The classification and molecular mechanisms of congenital red-green color vision deficiency are shown below 1).
| Classification | Cone status | Molecular mechanism |
|---|---|---|
| Normal trichromacy | L + M + S all normal | — |
| Type 1 dichromacy | L deficiency (M + S only) | Complete deletion of L gene |
| Type 2 dichromacy | M deficiency (L + S only) | Complete deletion of M gene |
| Type 1 trichromacy | L→M’ substitution (M’ + M + S) | L/M hybrid gene (shifted toward M) |
| Type 2 trichromacy | M→L’ substitution (L + L’ + S) | L/M hybrid gene (shifted toward L) |
Mutations in the S gene (on chromosome 7) cause deficiency of S-cone photopigment. It is an autosomal dominant trait, unrelated to the X chromosome, so there is no sex difference. Because it is dominant and requires only one mutated allele to manifest, if a parent is affected, the probability of transmission to a child is 50%.
The cause is an abnormality in the subunit composition of the cGMP-gated cation channel (CNG channel) in cones.
Loss of function of the CNG channel prevents cone photoresponse, leaving vision solely mediated by rods.
Deletion of the locus control region (LCR) prevents expression of both L and M genes, or missense mutations in L-cone and M-cone cause loss of function. Although it was considered non-progressive, many cases present with progressive visual impairment and macular degeneration.
Mancuso et al. reported successful restoration of red-green color vision in a squirrel monkey model by introducing the L-opsin gene using an AAV vector 2). This is a groundbreaking report demonstrating that new color vision channels can be acquired through gene transfer even in the mature mammalian nervous system. Human gene therapy for congenital red-green color blindness has not yet reached clinical trials due to safety and ethical issues.
For achromatopsia (rod monochromacy), clinical trials (Phase I/II) of gene therapy using AAV vectors targeting the CNGA3 and CNGB3 genes are ongoing 1).

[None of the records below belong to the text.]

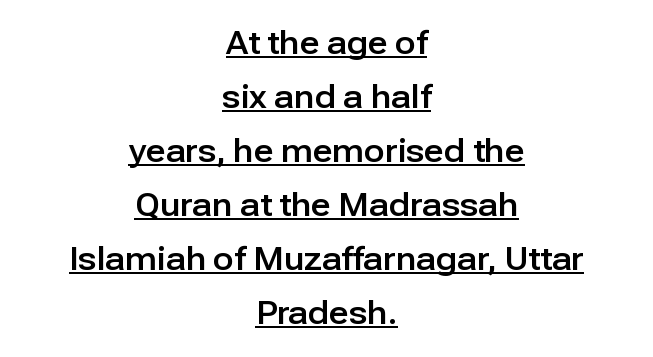
{"serif": "no", "italic": "no", "width": "normal", "stroke_contrast": "low", "x_height": "medium", "monospaced": "no", "underline": "yes", "align": "center", "line_spacing_ratio": 1.74, "letter_spacing": "normal", "letter_spacing_em": 0.0, "glyph_px": 31}
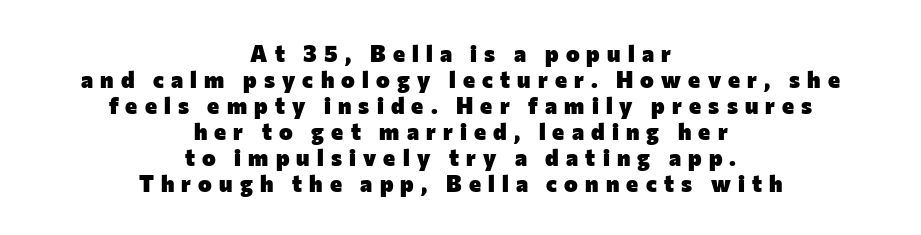
The image shows 23 px bold type, upright; set centered, tight line spacing (1.13x), unusually wide letter spacing (+0.31 em), not underlined.
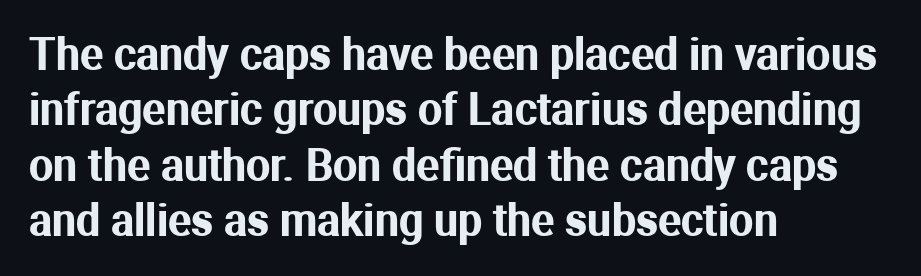
The letters stand straight up with perfectly vertical stems. This sample is left-justified, so line endings fall wherever the words run out. A typesetter would label this face a sans. These lines are rendered in a variable-pitch font. A typesetter would call this zero additional tracking. Descender tails drop into unmarked territory.
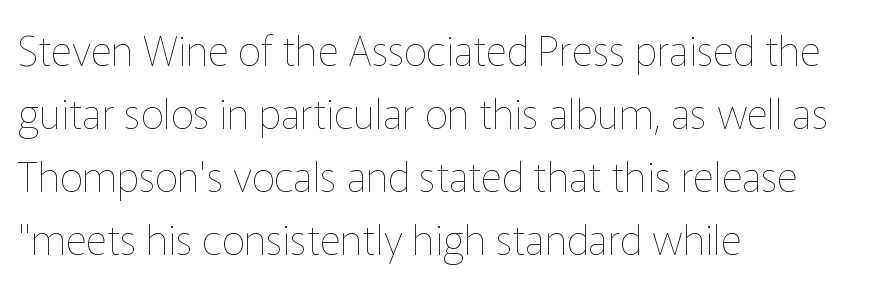
Q: Is the text bold? A: No.
Q: Is the text italic (slanted)? A: No, it is upright.
Q: Is the text underlined? A: No.
Q: How is the paragraph aligned? A: Left-aligned.
Q: Is the spacing between letters normal or unusually wide? A: Normal.
Q: Is the spacing between lines tight, normal or loose? A: Normal.
Q: Width (condensed, normal, or wide)? A: Normal.
Q: Stroke contrast? A: Low.
Q: x-height? A: Medium.
Q: Monospaced? A: No.
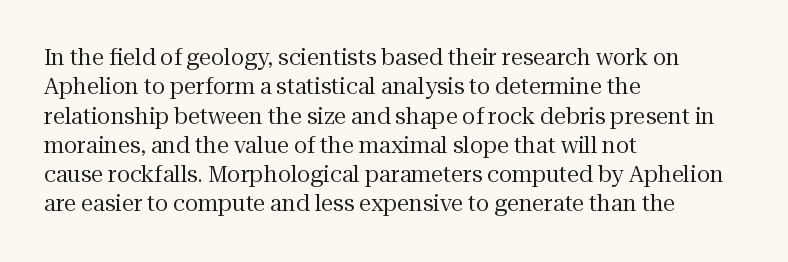
{"italic": "no", "bold": "no", "underline": "no", "align": "left", "line_spacing": "normal", "line_spacing_ratio": 1.33, "letter_spacing": "normal", "letter_spacing_em": 0.0, "glyph_px": 22}
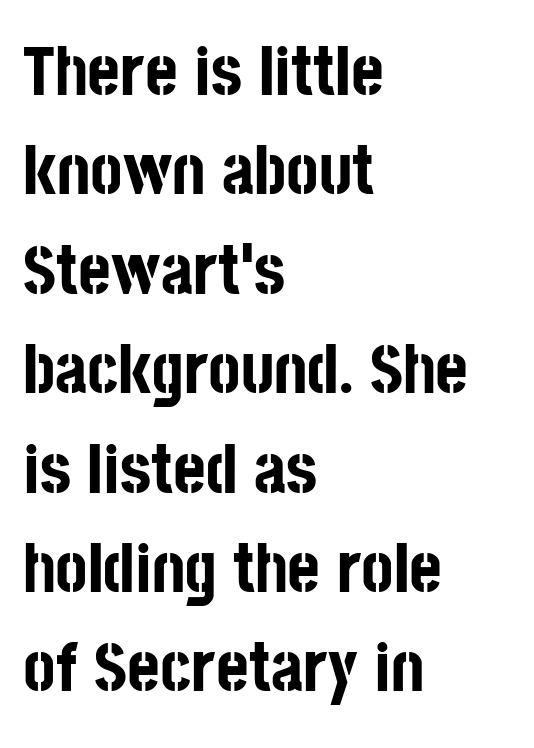
{"serif": "no", "italic": "no", "bold": "yes", "weight": "bold", "width": "condensed", "stroke_contrast": "low", "x_height": "large", "monospaced": "no", "underline": "no", "align": "left", "line_spacing": "normal", "line_spacing_ratio": 1.42, "letter_spacing": "normal", "letter_spacing_em": 0.0, "glyph_px": 70}

Color vision assistive glasses (e.g., EnChroma) that filter specific wavelengths of light are commercially available and may improve discrimination of certain colors. However, they do not add new color channels and do not improve performance on color vision tests.

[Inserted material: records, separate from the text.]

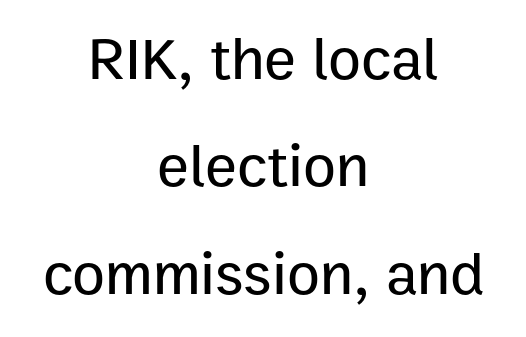
Underlining? Definitely not there. Nothing unusual about the tracking: characters are spaced as the font intends. The letters stand upright; this is a roman face. The lines in this sample share a center point and differ in where they start and stop.
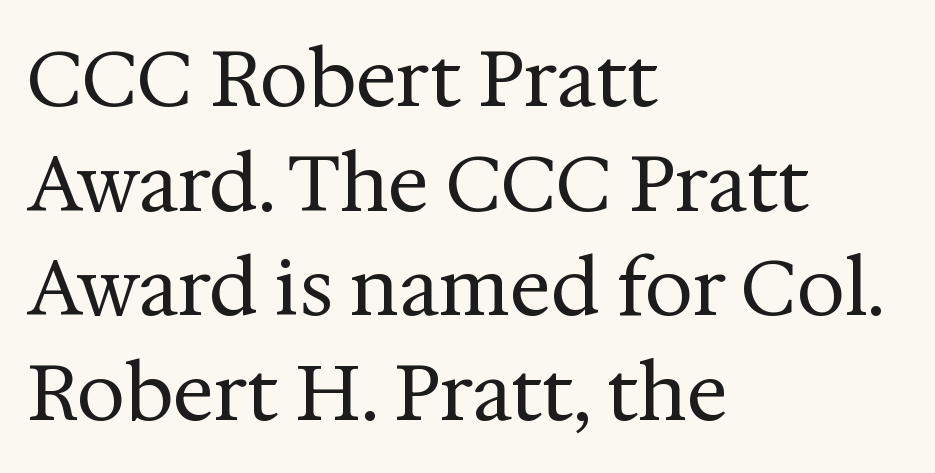
{"serif": "yes", "italic": "no", "bold": "no", "weight": "regular", "width": "normal", "stroke_contrast": "medium", "x_height": "medium", "monospaced": "no", "underline": "no", "align": "left", "line_spacing": "normal", "line_spacing_ratio": 1.36, "letter_spacing": "normal", "letter_spacing_em": 0.0, "glyph_px": 77}
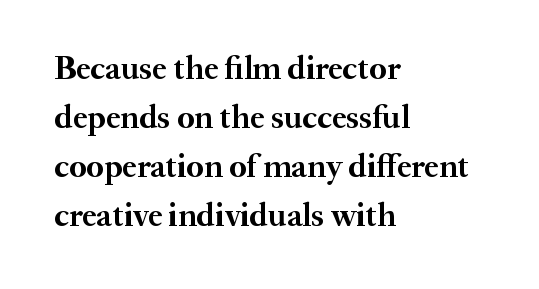
{"serif": "yes", "italic": "no", "bold": "yes", "weight": "semibold", "width": "normal", "stroke_contrast": "medium", "x_height": "small", "monospaced": "no", "underline": "no", "align": "left", "line_spacing": "normal", "line_spacing_ratio": 1.48, "letter_spacing": "normal", "letter_spacing_em": 0.0, "glyph_px": 33}
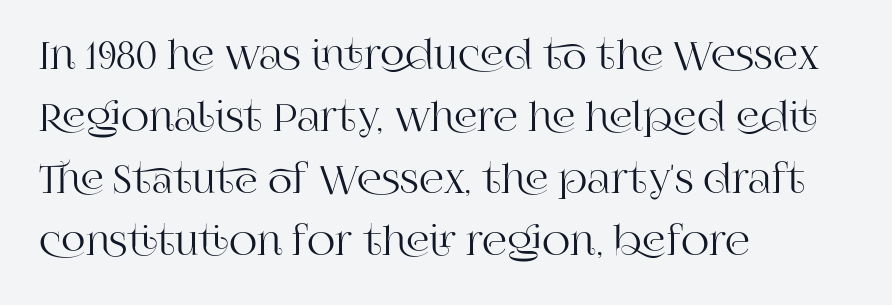
The image shows 39 px serif type, upright; set left-aligned, normal line spacing (1.59x), normal letter spacing, not underlined; high stroke contrast and a large x-height.

In 2003, revisions to the School Health and Safety Act enforcement regulations removed color vision testing from mandatory items in regular health checkups. Subsequently, cases were reported where individuals faced difficulties in career choices without being aware of their color vision deficiency. In 2014, a notice from the Ministry of Education, Culture, Sports, Science and Technology again recommended the implementation of color vision testing in schools (only for those who wish to participate) 3).
Gene therapy clinical trials for rod monochromacy (complete congenital color blindness) are ongoing, and future progress is expected. For congenital red-green color vision deficiency, color vision recovery has been reported in monkeys, but safety and ethical verification are necessary for human application, and the timing of practical use is undetermined.